The humans called Dennis Avner “Stalking Cat.” His kind referred
to him as “meow.”
The cat-like Avner, who held the Guinness Book of World
Records mark for body modifications — including a bifurcated
lip, extensive tiger-stripe facial tattooing, surgically pointed
ears, and silicone injections in the cheeks, chin, and forehead —
died earlier this month.
The human authorities suspect he killed himself. I suspect
humans, threatened that one of their own had defected to the cat
community, killed him.
Human nature, alien to Stalking Cat, remains quite familiar with
suicide. The dearth of documented cases of self-inflicted felicide
raises suspicions. Only an Ace Ventura could definitively answer
this whodunit. The one certainty here is that it’s a jungle out
there for a person who realizes he, she, or it is an animal trapped
in a human’s body.
Dennis Avner never found acceptance among mankind as a felid
despite the plastic surgeries, the tattoos, and the silicone
injections. He was, in a loose sense, a real-life Philip Nolan — a
manimal without a species.
Biology is the new racism. The phobia against transanimals
recalls the societal obstinacy regarding transgenders. We exiled
them to the “third bathroom,” inscribed pesky reminders of their
physiology on their driver’s licenses, and imprisoned them with
criminals of the opposite gender. Some men still won’t consider
dating a woman who was born a “man” — whatever that antiquated
designation means. One surmises that Stalking Cat encountered
similar prejudices among potential dating partners of all sexes and
species.
Society’s rejection of transanimals results in their rejection
of themselves. When a man splits his tongue, amputates his arms,
and fuses his legs together to realize his inner serpent, society
calls him crazy, a freak, and troubled — instead of what he is: a
snake. We will become as sane as they are only when we finally see
transanimals as they see themselves.
All this recalls the dark ages when we denied that one
biologically born a male who surgically remade herself as female
was as much a woman as your mother. Dennis Avner was as much a cat
as Chastity Bono is a man.
Yet, many landlords won’t rent to transanimals. Their contracts
stipulate “no pets.” Restaurants still post “no dogs allowed”
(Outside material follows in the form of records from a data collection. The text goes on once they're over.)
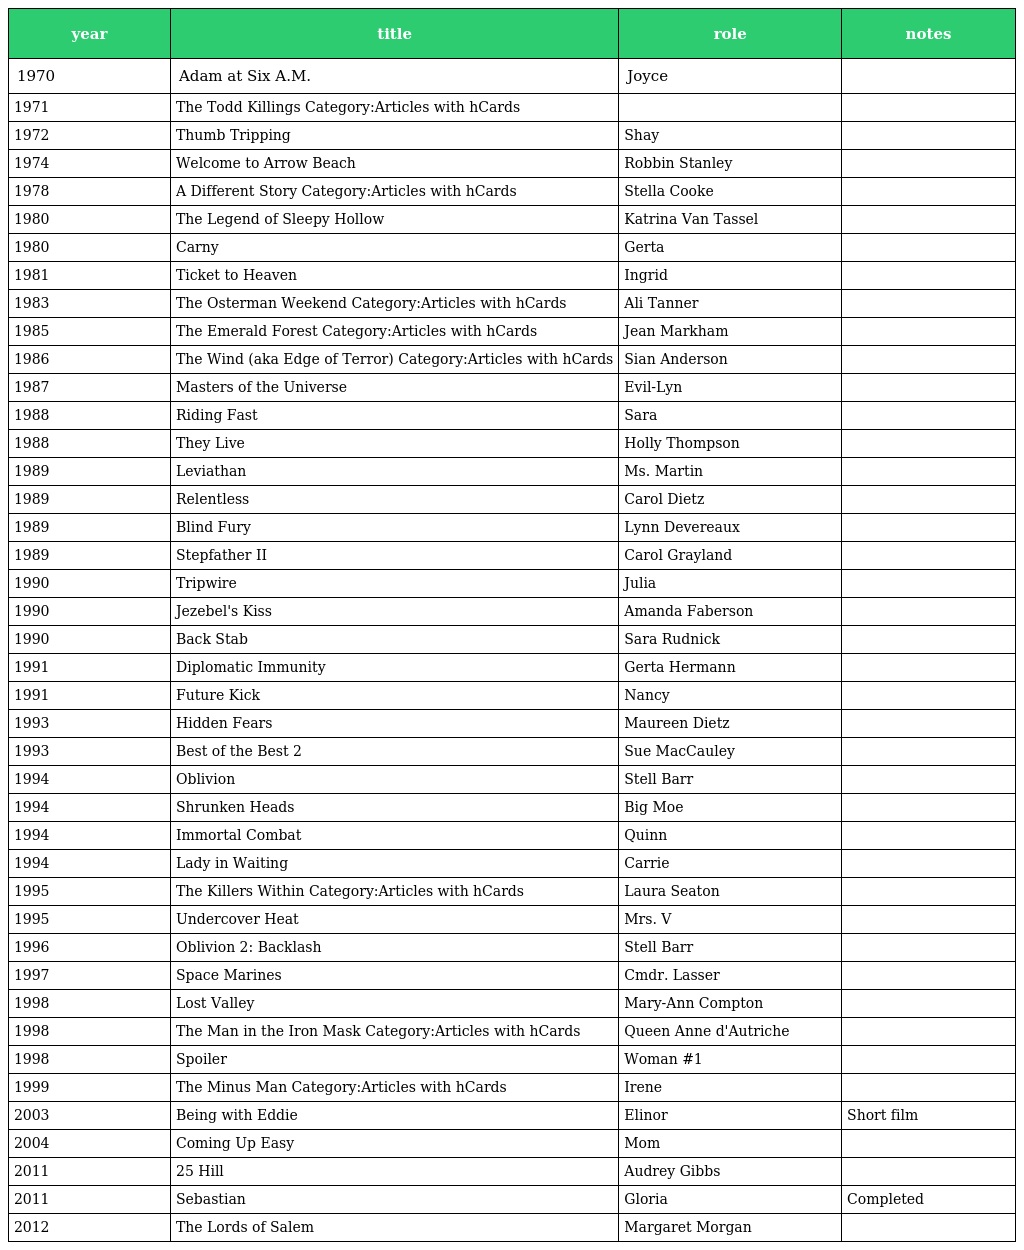
| year | title | role | notes |
 | --- | --- | --- | --- |
 | 1970 | Adam at Six A.M. | Joyce |  |
 | 1971 | The Todd Killings Category:Articles with hCards |  |  |
 | 1972 | Thumb Tripping | Shay |  |
 | 1974 | Welcome to Arrow Beach | Robbin Stanley |  |
 | 1978 | A Different Story Category:Articles with hCards | Stella Cooke |  |
 | 1980 | The Legend of Sleepy Hollow | Katrina Van Tassel |  |
 | 1980 | Carny | Gerta |  |
 | 1981 | Ticket to Heaven | Ingrid |  |
 | 1983 | The Osterman Weekend Category:Articles with hCards | Ali Tanner |  |
 | 1985 | The Emerald Forest Category:Articles with hCards | Jean Markham |  |
 | 1986 | The Wind (aka Edge of Terror) Category:Articles with hCards | Sian Anderson |  |
 | 1987 | Masters of the Universe | Evil-Lyn |  |
 | 1988 | Riding Fast | Sara |  |
 | 1988 | They Live | Holly Thompson |  |
 | 1989 | Leviathan | Ms. Martin |  |
 | 1989 | Relentless | Carol Dietz |  |
 | 1989 | Blind Fury | Lynn Devereaux |  |
 | 1989 | Stepfather II | Carol Grayland |  |
 | 1990 | Tripwire | Julia |  |
 | 1990 | Jezebel's Kiss | Amanda Faberson |  |
 | 1990 | Back Stab | Sara Rudnick |  |
 | 1991 | Diplomatic Immunity | Gerta Hermann |  |
 | 1991 | Future Kick | Nancy |  |
 | 1993 | Hidden Fears | Maureen Dietz |  |
 | 1993 | Best of the Best 2 | Sue MacCauley |  |
 | 1994 | Oblivion | Stell Barr |  |
 | 1994 | Shrunken Heads | Big Moe |  |
 | 1994 | Immortal Combat | Quinn |  |
 | 1994 | Lady in Waiting | Carrie |  |
 | 1995 | The Killers Within Category:Articles with hCards | Laura Seaton |  |
 | 1995 | Undercover Heat | Mrs. V |  |
 | 1996 | Oblivion 2: Backlash | Stell Barr |  |
 | 1997 | Space Marines | Cmdr. Lasser |  |
 | 1998 | Lost Valley | Mary-Ann Compton |  |
 | 1998 | The Man in the Iron Mask Category:Articles with hCards | Queen Anne d'Autriche |  |
 | 1998 | Spoiler | Woman #1 |  |
 | 1999 | The Minus Man Category:Articles with hCards | Irene |  |
 | 2003 | Being with Eddie | Elinor | Short film |
 | 2004 | Coming Up Easy | Mom |  |
 | 2011 | 25 Hill | Audrey Gibbs |  |
 | 2011 | Sebastian | Gloria | Completed |
 | 2012 | The Lords of Salem | Margaret Morgan |  |
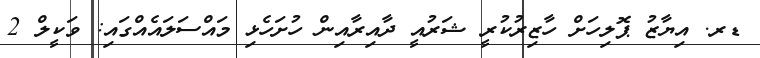
ޑރ. އިޔާޒު ޕޮލިހަށް ހާޒިރުކުރީ ޝަރުއީ ދާއިރާއިން ހުށަހެޅި މައްސަލަައެއްގައި: ވަކީލް 2
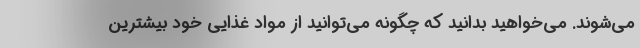
می‌شوند. می‌خواهید بدانید که چگونه می‌توانید از مواد غذایی خود بیشترین

signs. Public parks demand that you keep animals on a leash. Dennis
Avner served in the Navy. But he did so in the form of a human
being. The ban on transspecies soldiers, sailors, airmen, and
Marines persists despite the obvious intimidation factor that a
battalion of tiger-men would impose on the enemy.
What was Stalking Cat supposed to make of the many restrictions,
formal and informal, that civilization imposed upon his wild
spirit?
Transanimals face a gross double standard vis-à-vis
transgenders. The U.S. Department of Health and Human Services
decrees that the Affordable Care Act forbids discrimination against
transgendered patients within federally funded programs. U.S.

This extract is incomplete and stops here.